The EV industry operates under IATF 16949, which provides the same toolkit – APQP, PFMEA, control plans, PPAP. But the culture has tilted toward detection over prevention. The playbook is: ship fast, screen everything, sort the fallout. That has a shelf life. It works while capital is cheap and while every competitor makes the same trade-off. The moment a competitor engineers the margin properly and ships without the per-unit screen, your cost disadvantage becomes permanent. We are already watching EV programmes stall and plant tenants rotate in Macomb County. Thin margins punished by thin engineering.
If your PFMEA says "100% screen" as the control, the failure mode isn't controlled – it's just expensive
This is the test I apply when I review a control plan. I look at the control method column for each high-severity or high-occurrence failure mode. When I see "100% inspection" or "100% screen," I do not see quality. I see an unresolved engineering problem that has been operationally accommodated. A controlled failure mode has been designed out, processed out, or verified through capable statistical methods. A screened failure mode is still happening. You are just catching it before the customer does.

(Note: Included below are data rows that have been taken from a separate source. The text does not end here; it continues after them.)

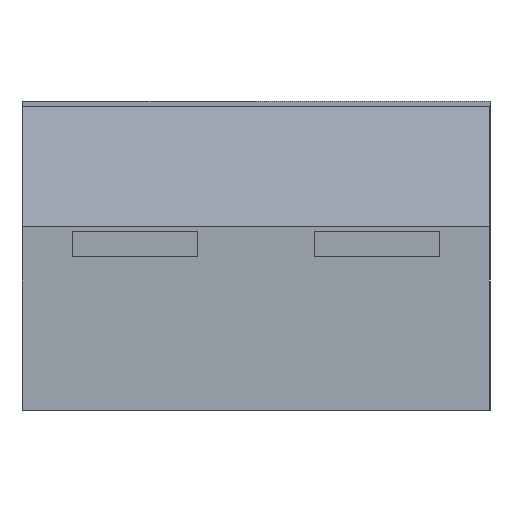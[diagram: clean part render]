
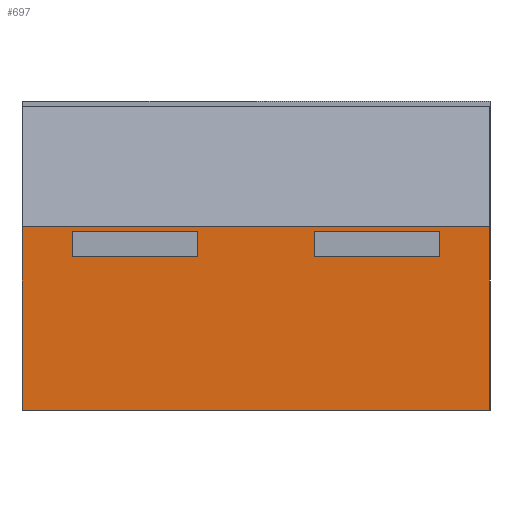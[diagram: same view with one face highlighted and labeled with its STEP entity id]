
A CAD part, left-side view. The second image highlights one B-rep face of the part: STEP entity #697.
In plain terms, the highlighted planar face has unit normal (-1, 0, 0).
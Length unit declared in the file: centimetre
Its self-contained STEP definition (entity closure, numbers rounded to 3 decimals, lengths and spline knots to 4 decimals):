
#19=FACE_BOUND('',#82,.T.);
#20=FACE_BOUND('',#83,.T.);
#39=FACE_OUTER_BOUND('',#81,.T.);
#81=EDGE_LOOP('',(#521,#522,#523,#524));
#82=EDGE_LOOP('',(#525,#526,#527,#528));
#83=EDGE_LOOP('',(#529,#530,#531,#532));
#125=LINE('',#993,#214);
#134=LINE('',#1011,#223);
#150=LINE('',#1044,#239);
#154=LINE('',#1053,#243);
#165=LINE('',#1074,#254);
#166=LINE('',#1075,#255);
#167=LINE('',#1077,#256);
#168=LINE('',#1079,#257);
#169=LINE('',#1080,#258);
#170=LINE('',#1082,#259);
#171=LINE('',#1084,#260);
#172=LINE('',#1085,#261);
#214=VECTOR('',#805,1.);
#223=VECTOR('',#822,1.);
#239=VECTOR('',#844,1.);
#243=VECTOR('',#850,1.);
#254=VECTOR('',#867,1.);
#255=VECTOR('',#868,1.);
#256=VECTOR('',#869,1.);
#257=VECTOR('',#870,1.);
#258=VECTOR('',#871,1.);
#259=VECTOR('',#872,1.);
#260=VECTOR('',#873,1.);
#261=VECTOR('',#874,1.);
#302=VERTEX_POINT('',#990);
#303=VERTEX_POINT('',#992);
#307=VERTEX_POINT('',#1008);
#308=VERTEX_POINT('',#1010);
#321=VERTEX_POINT('',#1042);
#322=VERTEX_POINT('',#1043);
#325=VERTEX_POINT('',#1051);
#326=VERTEX_POINT('',#1052);
#334=VERTEX_POINT('',#1076);
#335=VERTEX_POINT('',#1078);
#336=VERTEX_POINT('',#1081);
#337=VERTEX_POINT('',#1083);
#366=EDGE_CURVE('',#303,#302,#125,.T.);
#375=EDGE_CURVE('',#307,#308,#134,.T.);
#391=EDGE_CURVE('',#321,#322,#150,.T.);
#395=EDGE_CURVE('',#325,#326,#154,.T.);
#406=EDGE_CURVE('',#303,#307,#165,.T.);
#407=EDGE_CURVE('',#308,#302,#166,.T.);
#408=EDGE_CURVE('',#334,#325,#167,.T.);
#409=EDGE_CURVE('',#334,#335,#168,.T.);
#410=EDGE_CURVE('',#335,#326,#169,.T.);
#411=EDGE_CURVE('',#336,#321,#170,.T.);
#412=EDGE_CURVE('',#336,#337,#171,.T.);
#413=EDGE_CURVE('',#337,#322,#172,.T.);
#521=ORIENTED_EDGE('',*,*,#406,.F.);
#522=ORIENTED_EDGE('',*,*,#366,.T.);
#523=ORIENTED_EDGE('',*,*,#407,.F.);
#524=ORIENTED_EDGE('',*,*,#375,.F.);
#525=ORIENTED_EDGE('',*,*,#395,.F.);
#526=ORIENTED_EDGE('',*,*,#408,.F.);
#527=ORIENTED_EDGE('',*,*,#409,.T.);
#528=ORIENTED_EDGE('',*,*,#410,.T.);
#529=ORIENTED_EDGE('',*,*,#391,.F.);
#530=ORIENTED_EDGE('',*,*,#411,.F.);
#531=ORIENTED_EDGE('',*,*,#412,.T.);
#532=ORIENTED_EDGE('',*,*,#413,.T.);
#642=PLANE('',#751);
#697=ADVANCED_FACE('',(#39,#19,#20),#642,.T.);
#751=AXIS2_PLACEMENT_3D('',#1073,#865,#866);
#805=DIRECTION('',(0.,0.,-1.));
#822=DIRECTION('',(0.,0.,-1.));
#844=DIRECTION('',(0.,-1.,0.));
#850=DIRECTION('',(0.,-1.,0.));
#865=DIRECTION('center_axis',(-1.,0.,0.));
#866=DIRECTION('ref_axis',(0.,1.,0.));
#867=DIRECTION('',(0.,-1.,0.));
#868=DIRECTION('',(0.,1.,0.));
#869=DIRECTION('',(0.,0.,-1.));
#870=DIRECTION('',(0.,-1.,0.));
#871=DIRECTION('',(0.,0.,-1.));
#872=DIRECTION('',(0.,0.,-1.));
#873=DIRECTION('',(0.,-1.,0.));
#874=DIRECTION('',(0.,0.,-1.));
#990=CARTESIAN_POINT('',(-0.1625,0.1405,-0.092));
#992=CARTESIAN_POINT('',(-0.1625,0.1405,0.018));
#993=CARTESIAN_POINT('',(-0.1625,0.1405,0.018));
#1008=CARTESIAN_POINT('',(-0.1625,-0.1395,0.018));
#1010=CARTESIAN_POINT('',(-0.1625,-0.1395,-0.092));
#1011=CARTESIAN_POINT('',(-0.1625,-0.1395,0.018));
#1042=CARTESIAN_POINT('',(-0.1625,0.1105,0.));
#1043=CARTESIAN_POINT('',(-0.1625,0.0355,0.));
#1044=CARTESIAN_POINT('',(-0.1625,0.1105,0.));
#1051=CARTESIAN_POINT('',(-0.1625,-0.0345,0.));
#1052=CARTESIAN_POINT('',(-0.1625,-0.1095,0.));
#1053=CARTESIAN_POINT('',(-0.1625,-0.0345,0.));
#1073=CARTESIAN_POINT('Origin',(-0.1625,-0.1395,0.093));
#1074=CARTESIAN_POINT('',(-0.1625,0.1405,0.018));
#1075=CARTESIAN_POINT('',(-0.1625,-0.1395,-0.092));
#1076=CARTESIAN_POINT('',(-0.1625,-0.0345,0.015));
#1077=CARTESIAN_POINT('',(-0.1625,-0.0345,0.015));
#1078=CARTESIAN_POINT('',(-0.1625,-0.1095,0.015));
#1079=CARTESIAN_POINT('',(-0.1625,-0.0345,0.015));
#1080=CARTESIAN_POINT('',(-0.1625,-0.1095,0.015));
#1081=CARTESIAN_POINT('',(-0.1625,0.1105,0.015));
#1082=CARTESIAN_POINT('',(-0.1625,0.1105,0.015));
#1083=CARTESIAN_POINT('',(-0.1625,0.0355,0.015));
#1084=CARTESIAN_POINT('',(-0.1625,0.1105,0.015));
#1085=CARTESIAN_POINT('',(-0.1625,0.0355,0.015));

Every unit you stress-screen is a unit your engineering could not guarantee.
Key takeaways
- 100% stress screening signals that your design margin cannot absorb process variation – it is detection overhead, not prevention, and it compounds with every unit shipped.
- Process capability investment – Cpk improvement, material controls, root-cause discipline via QRQC and A3 – reduces the need to screen. That is the direction genuine quality engineering travels.
- Aerospace justifies screening intensity through criticality analysis under AS9100; blanket coverage is an admission that criticality was never properly assessed.
- If "100% screen" appears as the control method in your PFMEA, the failure mode is not controlled. It is being tolerated at a per-unit cost that will never recover.
Controlar built a capable system. The engineering behind the automation is genuinely impressive. But the most honest reading of this announcement is not that the screening industry is advancing – it is that the EV converter supply chain cannot yet ship without it. The companies that will dominate this market are not the ones with the most sophisticated screening lines. They are the ones who engineer products and processes that make those lines unnecessary. Every euro spent on 100% screening capacity is a euro that should have gone into design margin. The longer the industry treats the symptom as the solution, the more expensive the correction becomes.